• [YOUR INSTRUCTIONS]: Copy out every line in the entries below that includes "second".

• [SUPPLIED RECORDS]:
☆ ☆ ☆

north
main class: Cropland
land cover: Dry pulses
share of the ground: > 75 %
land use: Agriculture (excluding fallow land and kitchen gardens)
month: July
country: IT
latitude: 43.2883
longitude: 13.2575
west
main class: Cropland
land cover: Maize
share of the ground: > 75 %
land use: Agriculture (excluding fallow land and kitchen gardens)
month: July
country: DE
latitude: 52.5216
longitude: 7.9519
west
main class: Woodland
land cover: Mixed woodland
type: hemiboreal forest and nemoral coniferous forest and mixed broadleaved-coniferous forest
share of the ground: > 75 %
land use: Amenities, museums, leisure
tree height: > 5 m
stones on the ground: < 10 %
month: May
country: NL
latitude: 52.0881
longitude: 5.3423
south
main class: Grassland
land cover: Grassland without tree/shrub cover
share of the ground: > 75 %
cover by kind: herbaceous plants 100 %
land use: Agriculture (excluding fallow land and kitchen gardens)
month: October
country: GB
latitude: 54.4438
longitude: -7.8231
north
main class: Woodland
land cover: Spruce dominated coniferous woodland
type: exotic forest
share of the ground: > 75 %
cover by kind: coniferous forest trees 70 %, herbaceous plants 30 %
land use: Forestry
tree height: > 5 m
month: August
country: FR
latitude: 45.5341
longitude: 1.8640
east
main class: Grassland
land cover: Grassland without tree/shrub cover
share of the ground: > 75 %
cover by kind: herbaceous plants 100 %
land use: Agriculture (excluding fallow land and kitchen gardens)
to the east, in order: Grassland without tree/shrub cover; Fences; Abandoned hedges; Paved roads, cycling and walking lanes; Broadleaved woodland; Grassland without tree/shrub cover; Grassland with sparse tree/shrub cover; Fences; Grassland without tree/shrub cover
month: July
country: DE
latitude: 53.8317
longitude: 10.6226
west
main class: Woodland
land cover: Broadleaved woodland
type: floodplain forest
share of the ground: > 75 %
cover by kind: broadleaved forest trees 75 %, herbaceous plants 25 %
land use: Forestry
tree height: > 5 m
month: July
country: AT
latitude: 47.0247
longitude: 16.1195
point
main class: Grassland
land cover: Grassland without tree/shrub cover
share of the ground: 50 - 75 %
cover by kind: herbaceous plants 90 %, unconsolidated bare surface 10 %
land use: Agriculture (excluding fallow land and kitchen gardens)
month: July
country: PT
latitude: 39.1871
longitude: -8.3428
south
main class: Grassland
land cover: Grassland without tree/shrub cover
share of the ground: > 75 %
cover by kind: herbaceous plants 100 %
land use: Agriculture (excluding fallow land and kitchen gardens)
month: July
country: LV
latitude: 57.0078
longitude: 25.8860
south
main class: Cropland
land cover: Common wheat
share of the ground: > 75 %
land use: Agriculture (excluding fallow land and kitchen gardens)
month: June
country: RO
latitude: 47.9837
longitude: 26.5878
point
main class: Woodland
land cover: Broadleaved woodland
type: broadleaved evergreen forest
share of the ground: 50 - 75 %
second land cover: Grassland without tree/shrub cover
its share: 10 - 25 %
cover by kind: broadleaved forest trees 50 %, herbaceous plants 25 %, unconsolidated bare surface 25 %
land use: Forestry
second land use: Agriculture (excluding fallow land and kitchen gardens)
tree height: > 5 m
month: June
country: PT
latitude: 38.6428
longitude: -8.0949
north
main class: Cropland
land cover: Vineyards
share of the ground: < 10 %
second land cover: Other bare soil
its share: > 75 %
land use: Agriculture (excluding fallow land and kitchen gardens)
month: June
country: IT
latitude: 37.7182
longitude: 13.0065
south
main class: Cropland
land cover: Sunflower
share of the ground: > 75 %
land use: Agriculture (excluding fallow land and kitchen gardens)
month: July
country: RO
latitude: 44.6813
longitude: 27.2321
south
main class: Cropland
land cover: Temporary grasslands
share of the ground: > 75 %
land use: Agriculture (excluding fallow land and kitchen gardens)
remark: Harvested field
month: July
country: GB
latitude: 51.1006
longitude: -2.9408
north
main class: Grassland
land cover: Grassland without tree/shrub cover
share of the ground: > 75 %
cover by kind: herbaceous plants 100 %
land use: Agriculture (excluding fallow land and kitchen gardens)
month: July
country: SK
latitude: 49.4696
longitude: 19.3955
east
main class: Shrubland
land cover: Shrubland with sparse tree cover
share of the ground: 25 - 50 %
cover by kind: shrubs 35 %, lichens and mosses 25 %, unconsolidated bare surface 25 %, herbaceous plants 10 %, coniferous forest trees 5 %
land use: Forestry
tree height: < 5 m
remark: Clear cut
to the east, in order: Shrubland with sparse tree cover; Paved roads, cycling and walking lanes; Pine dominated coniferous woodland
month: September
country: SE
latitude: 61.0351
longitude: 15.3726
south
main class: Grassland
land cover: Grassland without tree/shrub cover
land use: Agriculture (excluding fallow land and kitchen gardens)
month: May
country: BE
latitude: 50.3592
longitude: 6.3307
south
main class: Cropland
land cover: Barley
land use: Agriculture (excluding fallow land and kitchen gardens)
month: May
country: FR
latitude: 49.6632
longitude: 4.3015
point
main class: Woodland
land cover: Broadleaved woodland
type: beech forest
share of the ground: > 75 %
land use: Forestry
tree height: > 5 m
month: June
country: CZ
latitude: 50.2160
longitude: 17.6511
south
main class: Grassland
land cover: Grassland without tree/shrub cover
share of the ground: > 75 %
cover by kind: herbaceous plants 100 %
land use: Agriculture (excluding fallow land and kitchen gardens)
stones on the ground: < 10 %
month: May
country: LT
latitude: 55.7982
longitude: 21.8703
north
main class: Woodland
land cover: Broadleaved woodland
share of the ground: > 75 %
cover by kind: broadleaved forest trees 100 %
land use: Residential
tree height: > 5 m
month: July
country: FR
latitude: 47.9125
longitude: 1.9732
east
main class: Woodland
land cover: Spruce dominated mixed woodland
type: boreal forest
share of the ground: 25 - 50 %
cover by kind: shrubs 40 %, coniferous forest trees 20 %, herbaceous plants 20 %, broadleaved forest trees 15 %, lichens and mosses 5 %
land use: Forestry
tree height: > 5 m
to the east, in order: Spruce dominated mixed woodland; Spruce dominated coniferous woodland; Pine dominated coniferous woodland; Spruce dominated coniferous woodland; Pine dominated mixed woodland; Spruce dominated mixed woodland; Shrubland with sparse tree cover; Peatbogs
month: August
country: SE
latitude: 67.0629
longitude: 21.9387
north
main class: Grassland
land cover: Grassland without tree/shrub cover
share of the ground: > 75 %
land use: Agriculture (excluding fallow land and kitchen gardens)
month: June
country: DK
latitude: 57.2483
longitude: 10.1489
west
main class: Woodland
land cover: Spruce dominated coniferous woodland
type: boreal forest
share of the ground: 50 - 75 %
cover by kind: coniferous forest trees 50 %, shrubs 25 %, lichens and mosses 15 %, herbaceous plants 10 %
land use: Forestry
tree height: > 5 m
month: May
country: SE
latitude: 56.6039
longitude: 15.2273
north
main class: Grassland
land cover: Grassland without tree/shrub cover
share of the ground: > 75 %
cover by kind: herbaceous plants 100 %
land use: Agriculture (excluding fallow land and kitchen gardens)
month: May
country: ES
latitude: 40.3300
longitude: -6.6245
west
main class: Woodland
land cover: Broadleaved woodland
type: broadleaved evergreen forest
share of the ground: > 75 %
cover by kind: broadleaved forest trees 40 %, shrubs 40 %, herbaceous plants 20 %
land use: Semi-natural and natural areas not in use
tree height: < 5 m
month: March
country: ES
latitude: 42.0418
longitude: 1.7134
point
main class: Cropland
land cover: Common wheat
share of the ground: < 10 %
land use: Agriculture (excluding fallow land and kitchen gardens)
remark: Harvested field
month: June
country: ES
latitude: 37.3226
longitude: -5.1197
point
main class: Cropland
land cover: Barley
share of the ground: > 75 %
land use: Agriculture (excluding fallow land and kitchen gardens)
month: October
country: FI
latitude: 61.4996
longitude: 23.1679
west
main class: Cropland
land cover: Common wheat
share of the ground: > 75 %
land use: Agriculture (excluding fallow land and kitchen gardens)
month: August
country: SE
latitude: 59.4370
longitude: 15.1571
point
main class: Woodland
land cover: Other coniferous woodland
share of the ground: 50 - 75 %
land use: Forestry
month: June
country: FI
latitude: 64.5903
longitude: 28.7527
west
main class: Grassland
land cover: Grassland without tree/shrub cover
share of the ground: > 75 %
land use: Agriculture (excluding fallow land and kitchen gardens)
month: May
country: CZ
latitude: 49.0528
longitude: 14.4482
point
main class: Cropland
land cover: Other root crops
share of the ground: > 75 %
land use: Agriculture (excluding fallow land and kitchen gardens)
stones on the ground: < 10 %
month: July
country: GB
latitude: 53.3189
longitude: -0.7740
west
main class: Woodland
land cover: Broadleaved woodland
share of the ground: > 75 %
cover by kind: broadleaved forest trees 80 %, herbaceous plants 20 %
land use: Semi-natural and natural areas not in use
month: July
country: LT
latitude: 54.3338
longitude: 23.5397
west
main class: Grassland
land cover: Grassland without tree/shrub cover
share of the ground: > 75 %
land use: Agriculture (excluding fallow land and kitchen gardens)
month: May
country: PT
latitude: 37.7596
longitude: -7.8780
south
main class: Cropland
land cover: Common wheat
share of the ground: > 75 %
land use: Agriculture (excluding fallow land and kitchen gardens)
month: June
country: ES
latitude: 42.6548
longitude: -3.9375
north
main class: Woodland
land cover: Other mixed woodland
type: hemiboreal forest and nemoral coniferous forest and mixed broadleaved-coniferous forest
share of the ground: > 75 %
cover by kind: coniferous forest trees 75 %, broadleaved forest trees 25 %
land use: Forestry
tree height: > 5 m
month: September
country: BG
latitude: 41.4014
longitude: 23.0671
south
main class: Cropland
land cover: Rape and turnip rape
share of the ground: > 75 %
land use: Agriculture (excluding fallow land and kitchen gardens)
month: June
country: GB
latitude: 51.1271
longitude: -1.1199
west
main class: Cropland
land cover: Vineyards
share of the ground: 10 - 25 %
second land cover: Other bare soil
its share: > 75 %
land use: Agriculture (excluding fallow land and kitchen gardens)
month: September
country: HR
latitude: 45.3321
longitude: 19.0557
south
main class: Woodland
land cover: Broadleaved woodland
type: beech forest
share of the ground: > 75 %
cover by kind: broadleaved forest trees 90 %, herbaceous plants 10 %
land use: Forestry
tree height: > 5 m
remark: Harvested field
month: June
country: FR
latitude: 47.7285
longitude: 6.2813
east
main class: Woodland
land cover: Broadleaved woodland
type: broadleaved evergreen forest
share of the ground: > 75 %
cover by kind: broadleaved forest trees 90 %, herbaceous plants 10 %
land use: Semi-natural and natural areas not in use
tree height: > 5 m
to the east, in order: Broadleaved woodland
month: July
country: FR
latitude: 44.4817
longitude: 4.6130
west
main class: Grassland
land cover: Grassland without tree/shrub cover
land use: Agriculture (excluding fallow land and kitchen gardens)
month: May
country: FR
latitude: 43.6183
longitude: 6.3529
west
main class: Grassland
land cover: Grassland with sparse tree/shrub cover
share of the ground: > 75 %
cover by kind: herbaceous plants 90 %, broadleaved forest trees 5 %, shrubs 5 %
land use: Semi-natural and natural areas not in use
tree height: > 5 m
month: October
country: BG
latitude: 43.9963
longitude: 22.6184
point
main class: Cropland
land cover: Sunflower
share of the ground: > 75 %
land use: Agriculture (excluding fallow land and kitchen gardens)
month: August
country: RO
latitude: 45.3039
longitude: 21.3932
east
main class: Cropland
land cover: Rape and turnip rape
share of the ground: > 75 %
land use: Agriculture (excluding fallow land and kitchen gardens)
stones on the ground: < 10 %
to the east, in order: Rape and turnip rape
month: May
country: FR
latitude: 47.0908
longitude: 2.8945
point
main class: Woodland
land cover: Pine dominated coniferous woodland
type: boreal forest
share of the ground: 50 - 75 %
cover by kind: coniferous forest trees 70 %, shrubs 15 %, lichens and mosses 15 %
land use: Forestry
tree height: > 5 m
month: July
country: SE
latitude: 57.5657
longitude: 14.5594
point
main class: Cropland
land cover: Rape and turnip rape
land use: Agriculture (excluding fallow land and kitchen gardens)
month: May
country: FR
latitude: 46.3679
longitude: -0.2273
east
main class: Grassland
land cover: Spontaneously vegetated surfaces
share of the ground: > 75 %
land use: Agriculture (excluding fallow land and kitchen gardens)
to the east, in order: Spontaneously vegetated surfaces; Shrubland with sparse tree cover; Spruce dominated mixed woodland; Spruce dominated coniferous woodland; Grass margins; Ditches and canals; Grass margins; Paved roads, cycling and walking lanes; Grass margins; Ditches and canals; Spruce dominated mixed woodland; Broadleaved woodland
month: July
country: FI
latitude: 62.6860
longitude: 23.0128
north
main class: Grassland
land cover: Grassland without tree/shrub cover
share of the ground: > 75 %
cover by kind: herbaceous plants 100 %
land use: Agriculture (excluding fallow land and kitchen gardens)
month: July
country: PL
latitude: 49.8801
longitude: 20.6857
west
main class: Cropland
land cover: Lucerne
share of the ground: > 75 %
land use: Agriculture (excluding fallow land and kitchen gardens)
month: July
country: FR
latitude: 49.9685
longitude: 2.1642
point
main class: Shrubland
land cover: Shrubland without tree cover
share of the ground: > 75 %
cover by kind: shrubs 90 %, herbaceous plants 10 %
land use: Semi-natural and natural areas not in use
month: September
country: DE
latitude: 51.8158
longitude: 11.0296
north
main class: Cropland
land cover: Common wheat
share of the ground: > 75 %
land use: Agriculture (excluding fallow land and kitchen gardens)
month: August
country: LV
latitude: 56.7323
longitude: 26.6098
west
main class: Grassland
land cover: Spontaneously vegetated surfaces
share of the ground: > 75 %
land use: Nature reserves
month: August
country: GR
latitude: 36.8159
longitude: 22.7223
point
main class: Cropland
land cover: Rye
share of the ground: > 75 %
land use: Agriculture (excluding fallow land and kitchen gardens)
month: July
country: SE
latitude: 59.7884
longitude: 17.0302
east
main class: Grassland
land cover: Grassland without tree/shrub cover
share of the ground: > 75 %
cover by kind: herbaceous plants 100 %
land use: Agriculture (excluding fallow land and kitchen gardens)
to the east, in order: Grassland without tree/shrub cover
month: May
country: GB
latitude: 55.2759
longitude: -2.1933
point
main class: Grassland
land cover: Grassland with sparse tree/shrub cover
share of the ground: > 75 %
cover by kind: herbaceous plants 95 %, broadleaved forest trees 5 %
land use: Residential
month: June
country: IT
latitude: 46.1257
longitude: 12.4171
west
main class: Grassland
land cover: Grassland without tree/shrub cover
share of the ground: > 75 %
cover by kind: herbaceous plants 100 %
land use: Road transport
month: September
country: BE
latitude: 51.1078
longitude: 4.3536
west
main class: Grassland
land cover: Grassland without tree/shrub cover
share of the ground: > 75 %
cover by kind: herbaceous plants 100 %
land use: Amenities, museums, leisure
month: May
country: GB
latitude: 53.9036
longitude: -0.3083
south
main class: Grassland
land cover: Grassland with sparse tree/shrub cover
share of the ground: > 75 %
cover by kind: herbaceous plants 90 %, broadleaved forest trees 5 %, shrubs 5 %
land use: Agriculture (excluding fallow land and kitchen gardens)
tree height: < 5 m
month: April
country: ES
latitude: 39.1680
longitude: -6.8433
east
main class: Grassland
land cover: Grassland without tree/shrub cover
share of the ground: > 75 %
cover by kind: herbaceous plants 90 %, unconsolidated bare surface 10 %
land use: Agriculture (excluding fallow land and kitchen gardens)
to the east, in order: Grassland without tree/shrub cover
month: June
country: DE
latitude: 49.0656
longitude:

☆ ☆ ☆

• [TASK RESPONSE]:
second land cover: Grassland without tree/shrub cover
second land use: Agriculture (excluding fallow land and kitchen gardens)
second land cover: Other bare soil
second land cover: Other bare soil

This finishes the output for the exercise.